Sent from my SM-N9005 using Tapatalk

Reactions: Thanks 1


----------



## steve (25/10/14)

Awesome . first coil really is a great achievement and you did a fantastic job

Reactions: Thanks 1


----------



## hands (25/10/14)

its a fantastic feeling to see vapor coming of your first coil. well done

Reactions: Agree 1


----------



## Rellik (25/10/14)

Yeah, looking good and it's a great feeling vaping your very own coil. Well done!

Reactions: Thanks 1


----------



## ET (25/10/14)

great looking coil dude

Reactions: Thanks 1


----------



## Andre (25/10/14)

Way to go.

Reactions: Thanks 1


----------



## Silver (25/10/14)

Good looking coil for your first one!
Well done

Amazing how so many first coils are posted after midnight

Reactions: Like 4 | Funny 1 | Thanks 1


----------



## n0ugh7_zw (25/10/14)

Thats an amazing looking first coil man, really really good going

Reactions: Thanks 1


----------



## Rob Fisher (25/10/14)

There is something very special about vaping on your very first self made coil!
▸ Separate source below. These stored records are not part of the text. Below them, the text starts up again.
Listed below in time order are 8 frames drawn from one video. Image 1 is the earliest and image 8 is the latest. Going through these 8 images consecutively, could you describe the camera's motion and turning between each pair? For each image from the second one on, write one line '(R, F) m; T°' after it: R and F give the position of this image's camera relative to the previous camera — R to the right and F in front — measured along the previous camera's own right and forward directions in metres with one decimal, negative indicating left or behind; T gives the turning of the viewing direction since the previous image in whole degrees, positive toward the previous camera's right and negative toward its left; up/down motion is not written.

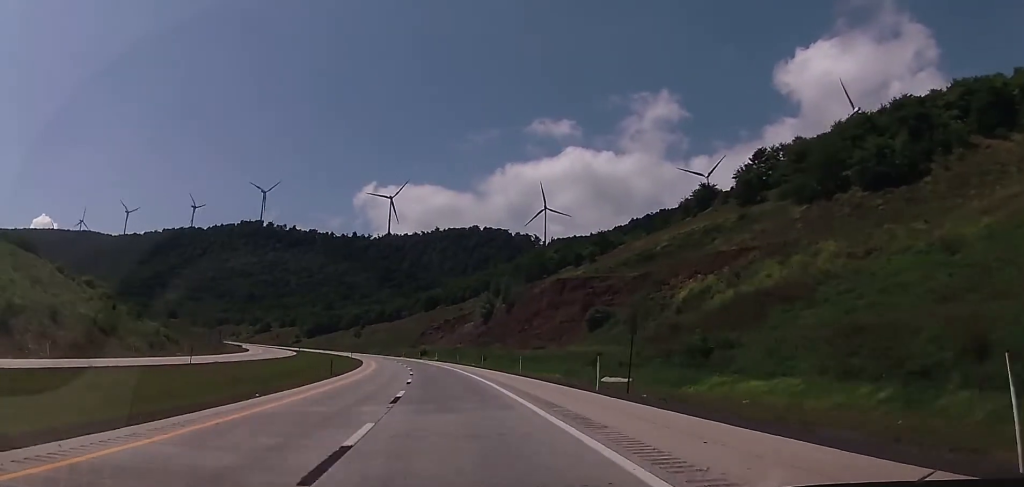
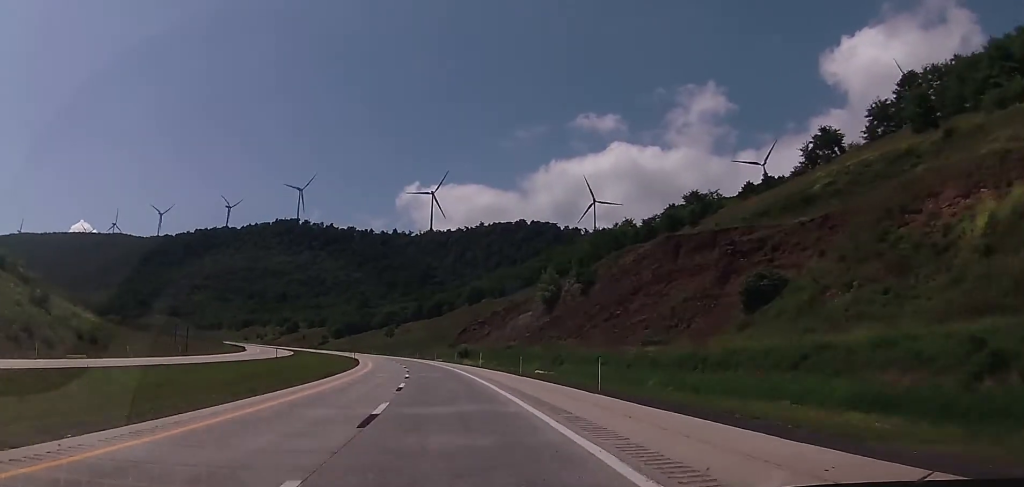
(-2.1, +42.8) m; -5°
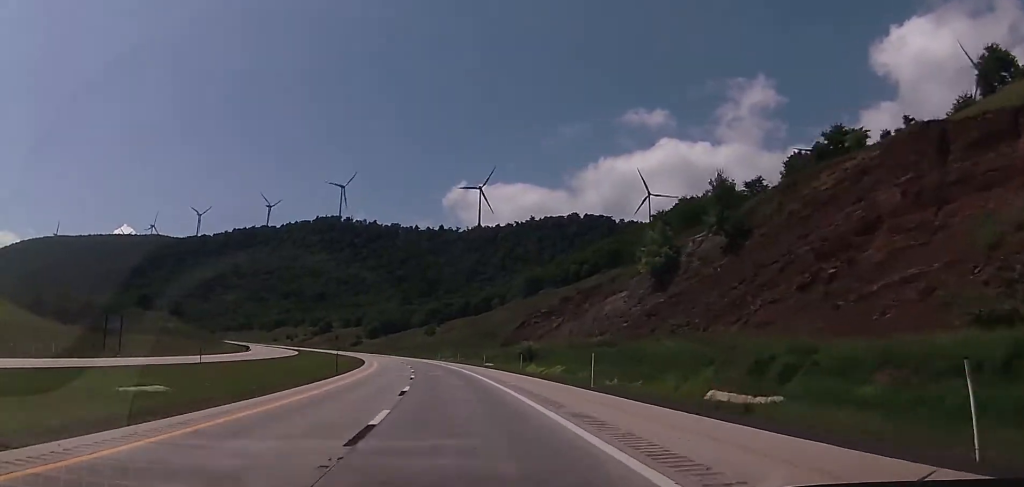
(-1.3, +39.5) m; -4°
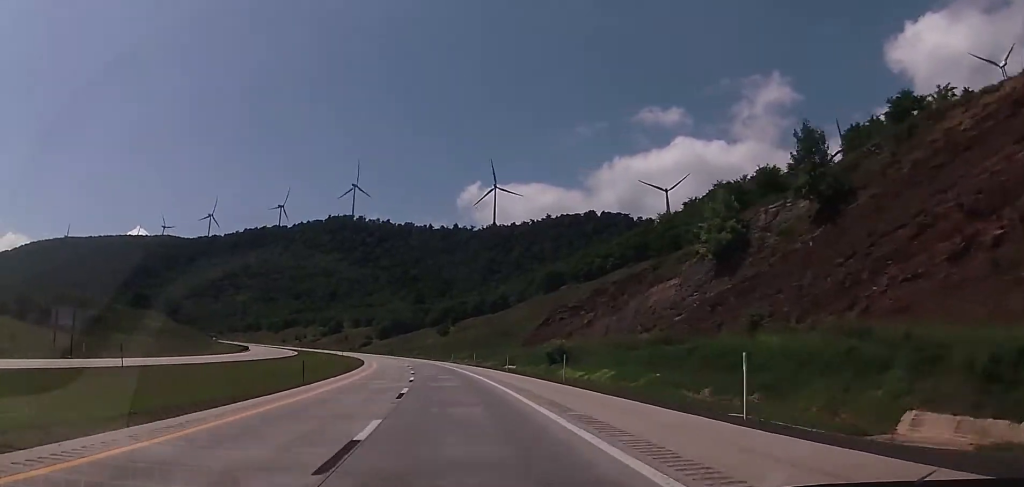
(+0.1, +14.2) m; -1°
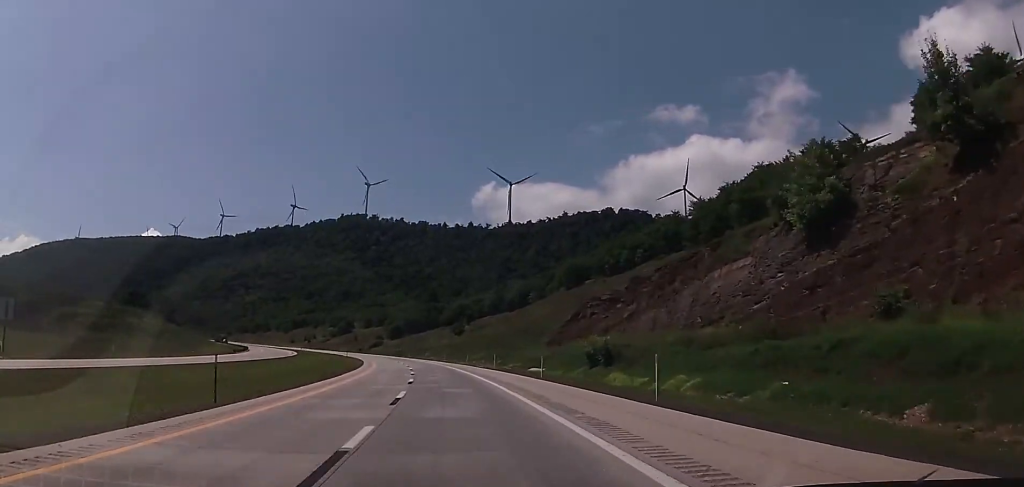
(-0.5, +14.2) m; -1°
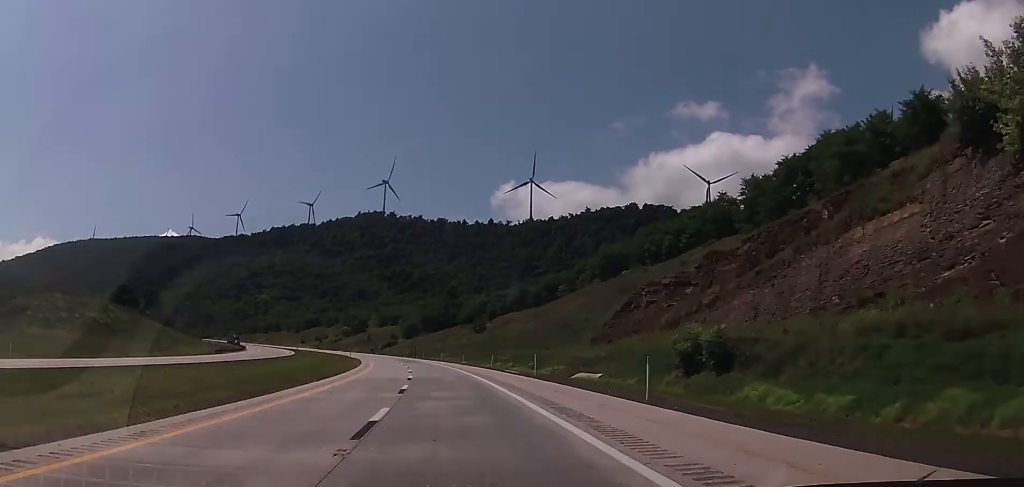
(-0.3, +19.6) m; -2°
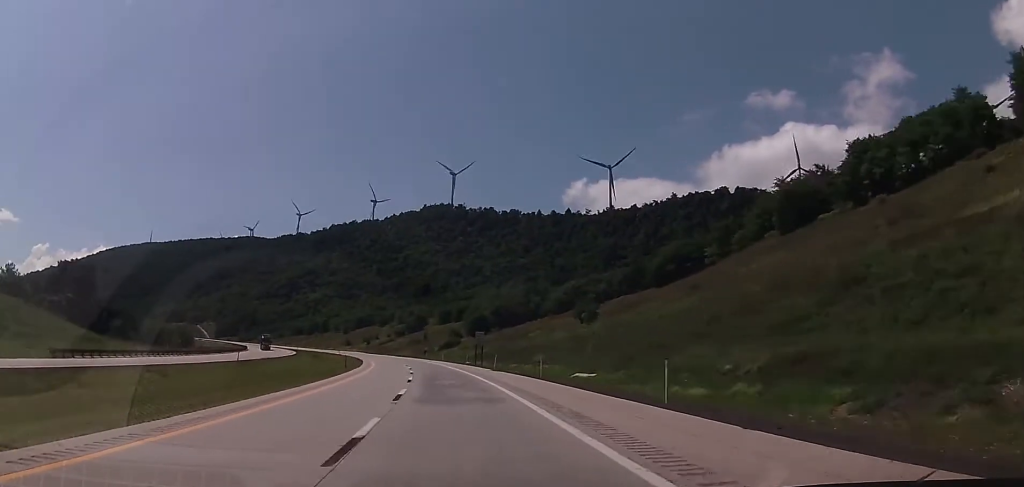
(-3.2, +63.3) m; -6°
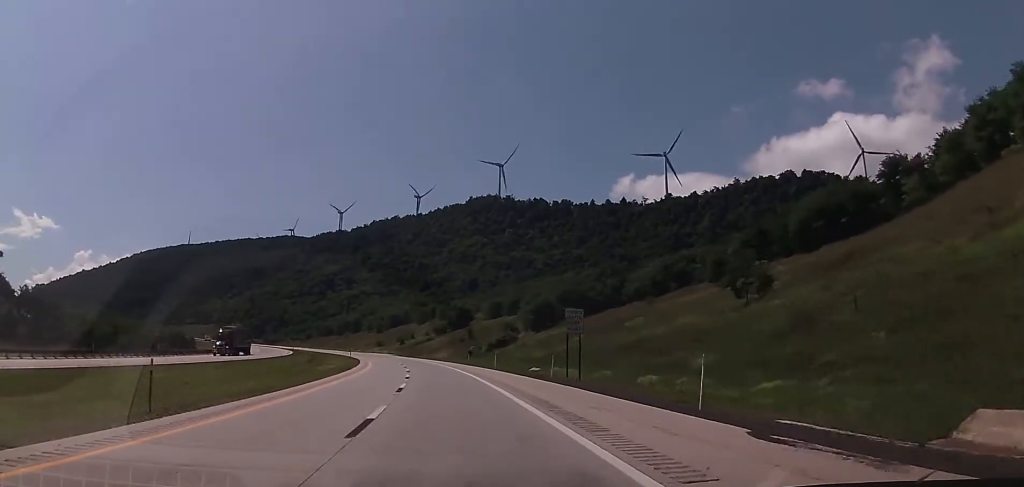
(-1.8, +44.8) m; -5°

I'm sure you felt that and there will be many more in your future @Gambit! Congrats on making the really important step in your journey... from now the game changes!
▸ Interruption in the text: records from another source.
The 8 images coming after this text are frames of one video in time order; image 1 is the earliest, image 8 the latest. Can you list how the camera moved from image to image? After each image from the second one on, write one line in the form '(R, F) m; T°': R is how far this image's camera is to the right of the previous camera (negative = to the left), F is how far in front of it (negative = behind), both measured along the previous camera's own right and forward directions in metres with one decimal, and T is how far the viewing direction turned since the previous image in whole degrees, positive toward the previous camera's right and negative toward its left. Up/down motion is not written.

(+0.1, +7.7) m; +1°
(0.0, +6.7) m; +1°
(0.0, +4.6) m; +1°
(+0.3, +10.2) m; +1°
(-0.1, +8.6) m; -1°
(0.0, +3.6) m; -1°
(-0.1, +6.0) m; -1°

Reactions: Like 2 | Thanks 1


----------



## Alex (25/10/14)

Good looking coil @Gambit

Reactions: Thanks 1


----------



## BumbleBee (25/10/14)

Very nice coil @Gambit, and your wicking looks good too, well done

Reactions: Agree 1 | Thanks 1


----------



## Gazzacpt (26/10/14)

Gambit said:


> 28g at 2 mm, came out at 1.4 ohms. Vaped pretty good, now I just need to figure out how to do it without drinking or spilling any juice!


Thats a textbook example of a kayfun/russian coil and wick. 
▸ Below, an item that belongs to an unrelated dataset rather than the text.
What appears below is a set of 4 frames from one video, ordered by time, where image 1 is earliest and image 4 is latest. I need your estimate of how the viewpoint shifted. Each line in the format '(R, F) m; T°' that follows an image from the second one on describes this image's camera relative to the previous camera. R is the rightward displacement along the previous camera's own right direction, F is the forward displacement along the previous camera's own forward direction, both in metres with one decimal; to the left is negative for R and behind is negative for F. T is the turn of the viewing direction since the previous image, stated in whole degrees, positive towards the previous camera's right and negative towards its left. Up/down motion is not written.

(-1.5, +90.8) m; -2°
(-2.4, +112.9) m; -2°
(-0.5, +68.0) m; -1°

Don't worry I've been doing this for a while and still drink a few odd drops of juice. Spillage comes with the territory. 
Enjoy bud.

Reactions: Like 2


----------



## WHeunis (26/10/14)

Gambit said:


> 28g at 2 mm, came out at 1.4 ohms. Vaped pretty good, now I just need to figure out how to do it without drinking or spilling any juice!



Nr 1 thing I would do about the leaking/spitting, is to lift the coil up another 1mm or so. Don't lift her too high, unless you like really intense warm vapes...

But lifting another 1mm is imo the best thing you could try without redoing anything.
Just loosen the screw on one of the legs SLIGHTLY and lift the coil lightly with a needle or other small thinger.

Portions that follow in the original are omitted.